Making Business Sense of CMMI Level 4

For some reason, the mystique of CMMI Level 4 seems to be wrapped around control charts—one of the methods used for statistical analysis of data. While use of control charts is almost always present in statistical analysis of software processes, Ed Weller all too often sees the reason for using statistical methods—and the reasoning behind the superficial analysis—lost in the concern for "building control charts to show that Company X is CMMI Level 4." Ed Weller offers valuable insight on CMMI Level 4 and what it really signifies.

At a conference discussion on high-maturity processes that I attended, the most frequently asked question was "How many control charts do I need to be Level 4?" Perhaps a better question would have been "How can we use control charts to improve our business performance?" An even better question is, "How can Level 4 improve our business?"

Readers unfamiliar with the CMMI® should scan other articles on or reference material at Software Engineering Institute. I will not talk about the techniques of various statistical methods; those desiring an in-depth explanation of statistical methods should look to books or articles that explain these topics in detail. The focus of this article will be to understand why statistical methods are useful, how to use them, and some of the common pitfalls I have seen in organizations that overlook the key question "How does this benefit our business?"

The phrase "business objectives" is used thirteen times in the CMMI Level 4 process area descriptions, providing clear direction for implementing Level 4. In a nutshell, Level 4 is about developing performance baselines—improvement objectives that are quantitative (numerical) improvements of the performance baseline measurements, analysis techniques that measure process performance (control), and the prediction of project results against estimates.

The term "quantitative project management" is one of the process areas at Level 4. In the most basic definition, it means that you can accurately estimate using past performance baselines; make commitments for cost, schedule, and quality with narrow variation from the desired values; and manage using techniques that provide early warning of deviation with the opportunity to take preventive or proactive action to keep on track.

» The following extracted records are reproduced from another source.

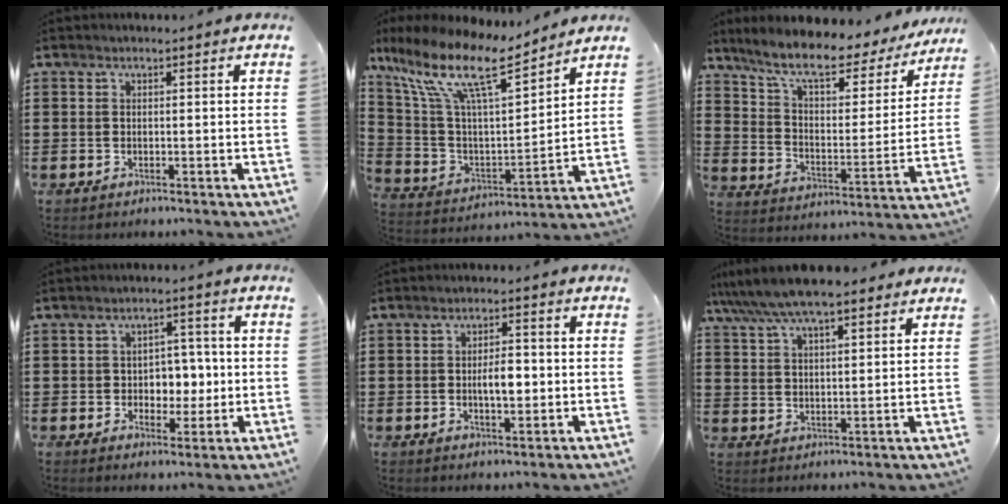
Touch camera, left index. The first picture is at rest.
{"total": 13.9, "force": [9.2, 3.6, 9.8], "torque": [-0.230, -0.051, 0.151]}
{"total": 9.4, "force": [7.4, 1.8, 5.4], "torque": [-0.125, -0.045, 0.122]}
{"total": 5.0, "force": [0.0, 4.1, 2.7], "torque": [-0.051, 0.007, -0.008]}
{"total": 4.3, "force": [-0.3, 1.8, 3.9], "torque": [-0.063, 0.002, -0.010]}
{"total": 8.5, "force": [7.1, 1.8, 4.3], "torque": [-0.104, -0.012, 0.130]}
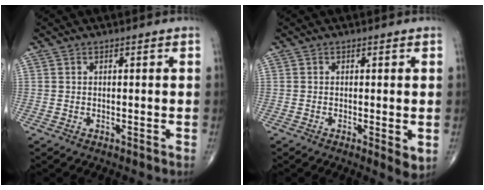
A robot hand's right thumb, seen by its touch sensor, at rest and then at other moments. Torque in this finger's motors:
{"motor_torque": [-0.51, 0.40, -0.08, -0.08, -0.01]}
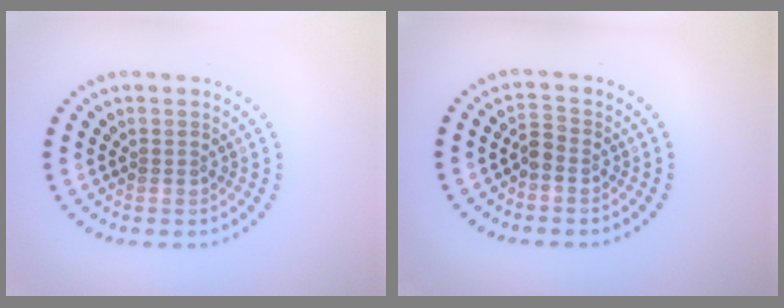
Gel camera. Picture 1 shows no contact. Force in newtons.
{"total": 1.2, "press": 1.0, "slide": 0.5}
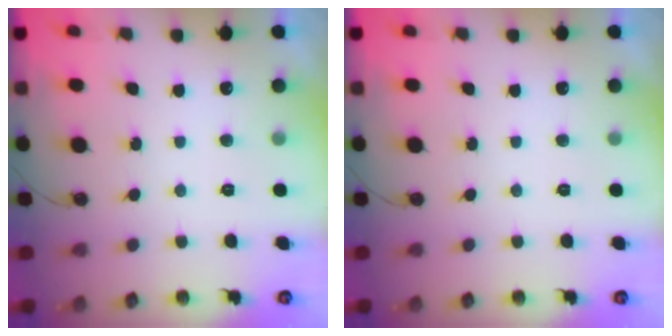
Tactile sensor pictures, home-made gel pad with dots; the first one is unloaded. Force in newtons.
{"total": 0.0}
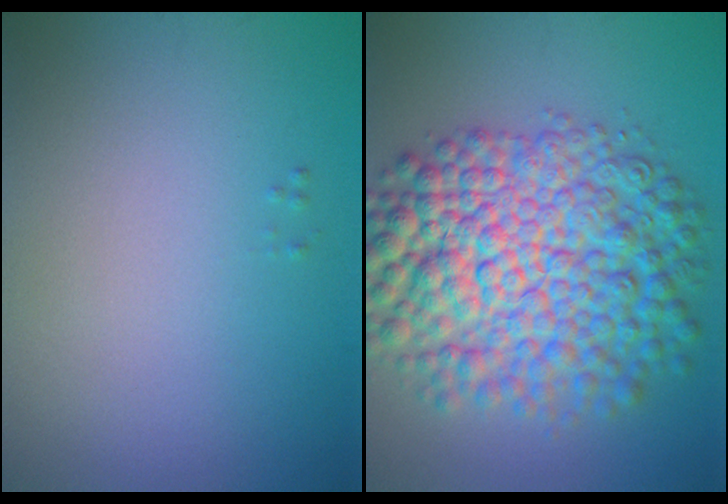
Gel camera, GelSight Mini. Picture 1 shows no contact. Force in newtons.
{"total": 11.6, "press": 11.6, "slide": 0.2}
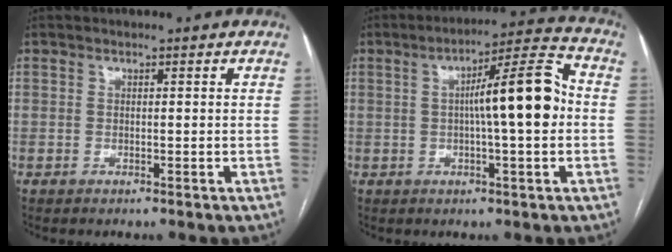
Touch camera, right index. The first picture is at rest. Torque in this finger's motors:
{"motor_torque": [1.21, -0.08, 0.61, 0.15]}
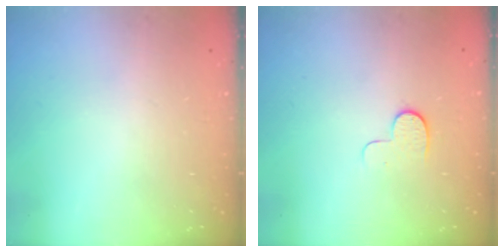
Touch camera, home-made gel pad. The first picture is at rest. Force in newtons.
{"total": 5.7, "press": 5.7, "slide": 0.6}
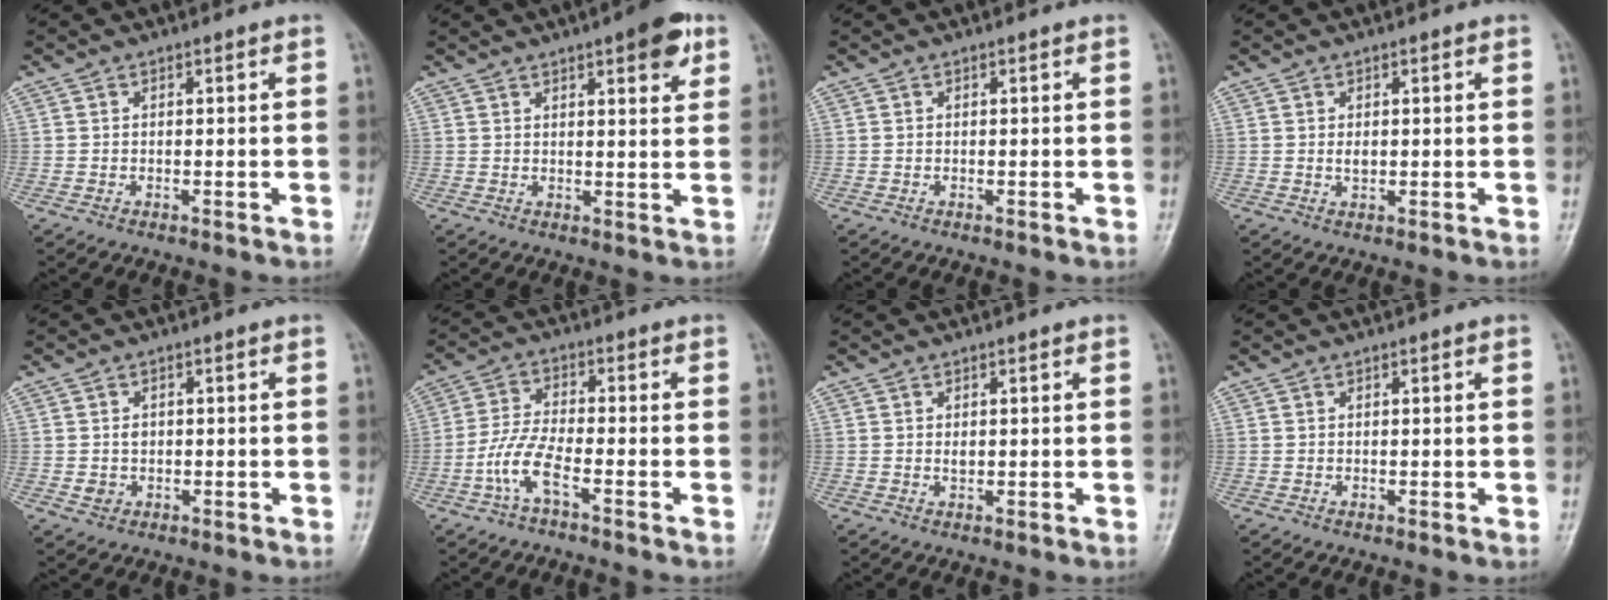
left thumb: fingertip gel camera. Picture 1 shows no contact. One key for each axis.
{"total": 7.4, "fx": 3.9, "fy": 2.3, "fz": 5.8, "tx": -0.059, "ty": -0.013, "tz": 0.045}
{"total": 0.0}
{"total": 1.3, "fx": 0.0, "fy": 0.9, "fz": 1.0, "tx": -0.011, "ty": -0.001, "tz": 0.001}
{"total": 2.5, "fx": -0.2, "fy": 2.2, "fz": 1.2, "tx": -0.009, "ty": 0.002, "tz": 0.001}
{"total": 6.4, "fx": -3.3, "fy": 1.6, "fz": 5.2, "tx": -0.128, "ty": 0.021, "tz": -0.072}
{"total": 0.9, "fx": 0.1, "fy": 0.6, "fz": 0.7, "tx": -0.007, "ty": -0.001, "tz": 0.003}
{"total": 0.0}
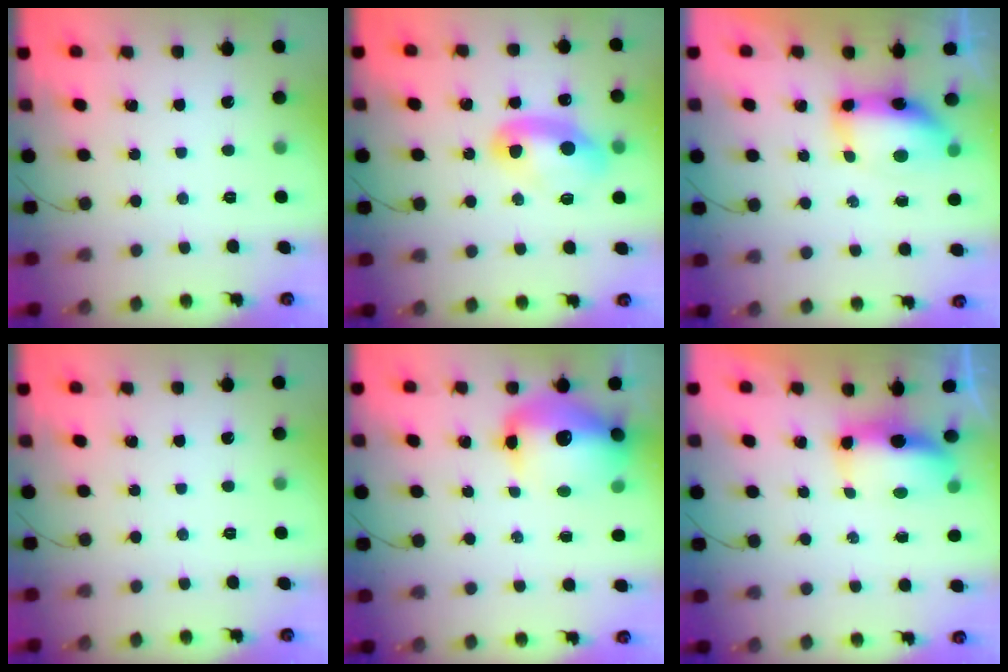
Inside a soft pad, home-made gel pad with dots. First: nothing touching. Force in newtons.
{"total": 10.2, "press": 10.2, "slide": 0.8}
{"total": 9.1, "press": 9.0, "slide": 1.8}
{"total": 0.0}
{"total": 15.4, "press": 14.9, "slide": 3.8}
{"total": 7.0, "press": 6.9, "slide": 1.2}
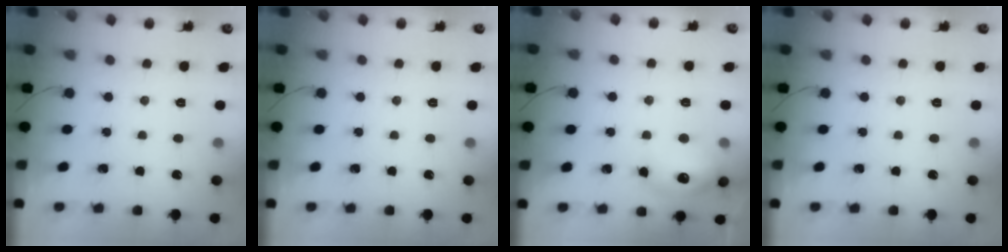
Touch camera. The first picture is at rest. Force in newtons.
{"total": 0.0}
{"total": 14.4, "press": 14.4, "slide": 1.1}
{"total": 0.0}
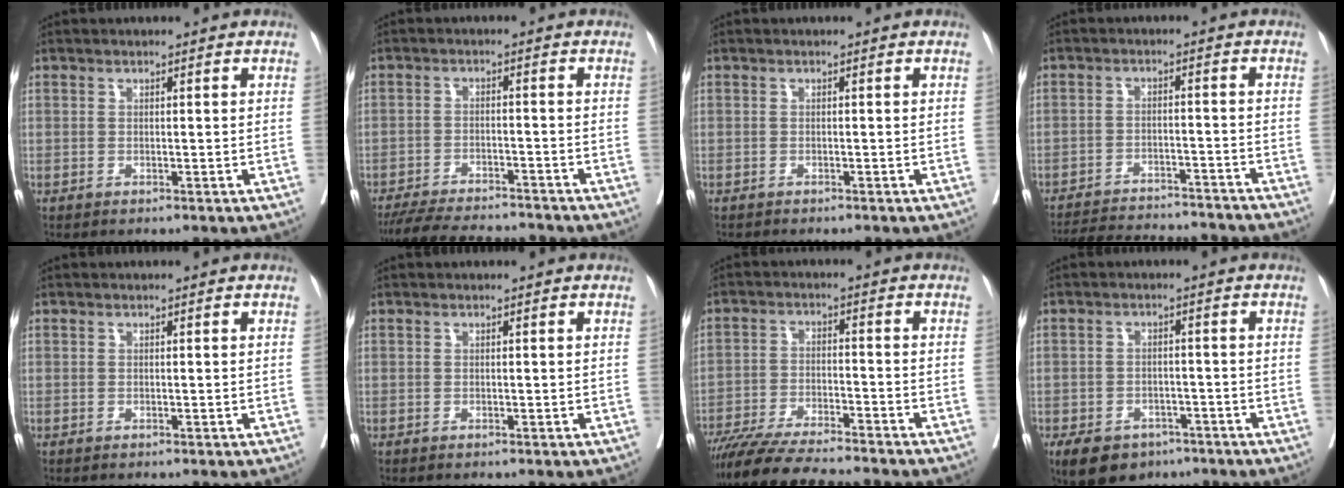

Many companies first run into trouble when attempting to implement Level 4 because they have not established baselines for performance. For instance, what is the estimating accuracy for effort or schedule? If you do not know the current values, how can you set an objective for a 20 or 50 percent improvement in estimating accuracy? If you do not understand the current process and results for estimation, how can you change and improve estimating?

If you are working on projects with fixed-price contracts, the inability to estimate accurately will cause you to lose money (underestimating) or lose business (overestimating). If you develop software to sell or support internal operations, poor estimating will lead to committing to the wrong projects. This applies especially when there is large variation in accuracy between two projects; you will commit to a project with equal benefit and higher eventual costs, or fail to invest in the right project because it is overestimated. Reducing variation benefits the business, and industry reports show instances of cost/effort variation below 5 percent in high-maturity organizations (see Performance Results of CMMI-Based Process Improvement).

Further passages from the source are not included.